━━━ Provided material ━━━

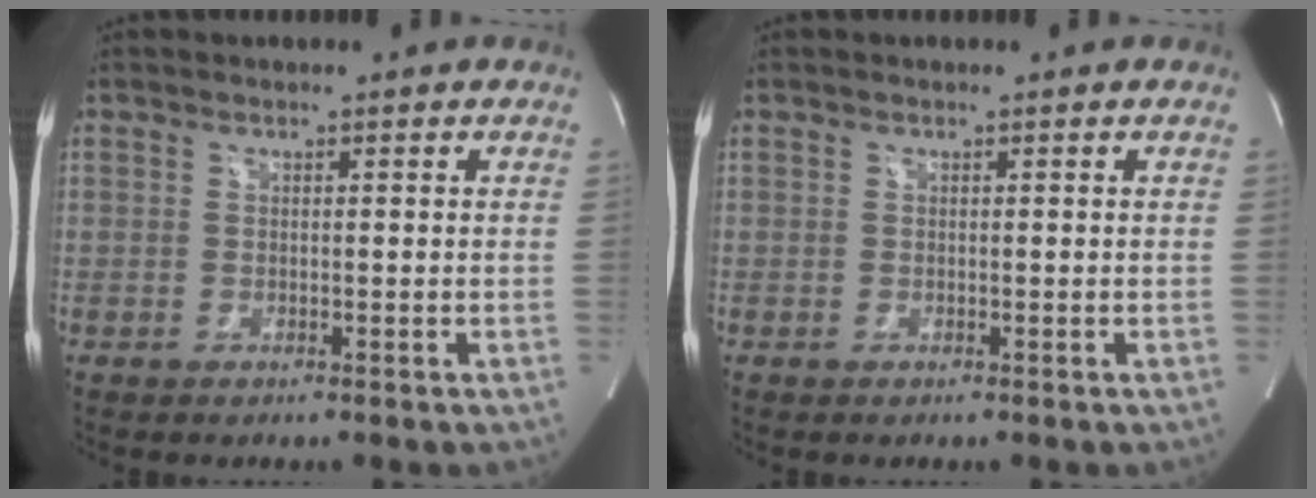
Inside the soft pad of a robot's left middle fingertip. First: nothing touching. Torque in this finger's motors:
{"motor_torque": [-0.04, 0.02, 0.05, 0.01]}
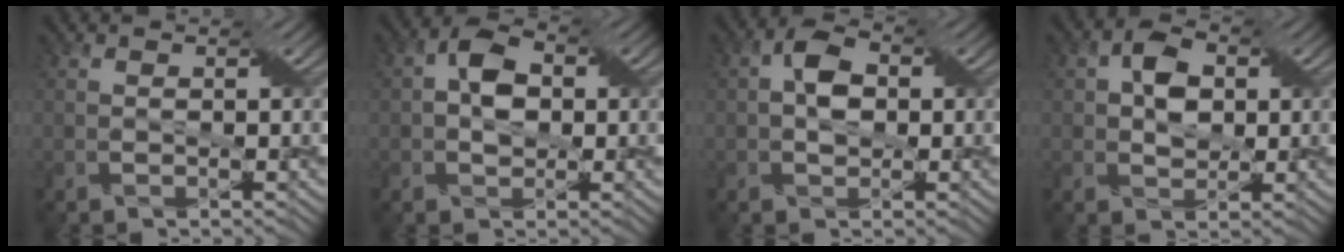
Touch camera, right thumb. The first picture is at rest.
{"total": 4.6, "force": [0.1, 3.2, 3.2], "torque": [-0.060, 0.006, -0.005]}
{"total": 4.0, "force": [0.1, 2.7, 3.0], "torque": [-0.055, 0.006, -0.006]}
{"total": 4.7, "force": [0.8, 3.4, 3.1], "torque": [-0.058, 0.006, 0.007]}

━━━

What is needed is an exact repeat of every entry above, with the pictures left out.

Inside the soft pad of a robot's left middle fingertip. First: nothing touching. Torque in this finger's motors:
{"motor_torque": [-0.04, 0.02, 0.05, 0.01]}
Touch camera, right thumb. The first picture is at rest.
{"total": 4.6, "force": [0.1, 3.2, 3.2], "torque": [-0.060, 0.006, -0.005]}
{"total": 4.0, "force": [0.1, 2.7, 3.0], "torque": [-0.055, 0.006, -0.006]}
{"total": 4.7, "force": [0.8, 3.4, 3.1], "torque": [-0.058, 0.006, 0.007]}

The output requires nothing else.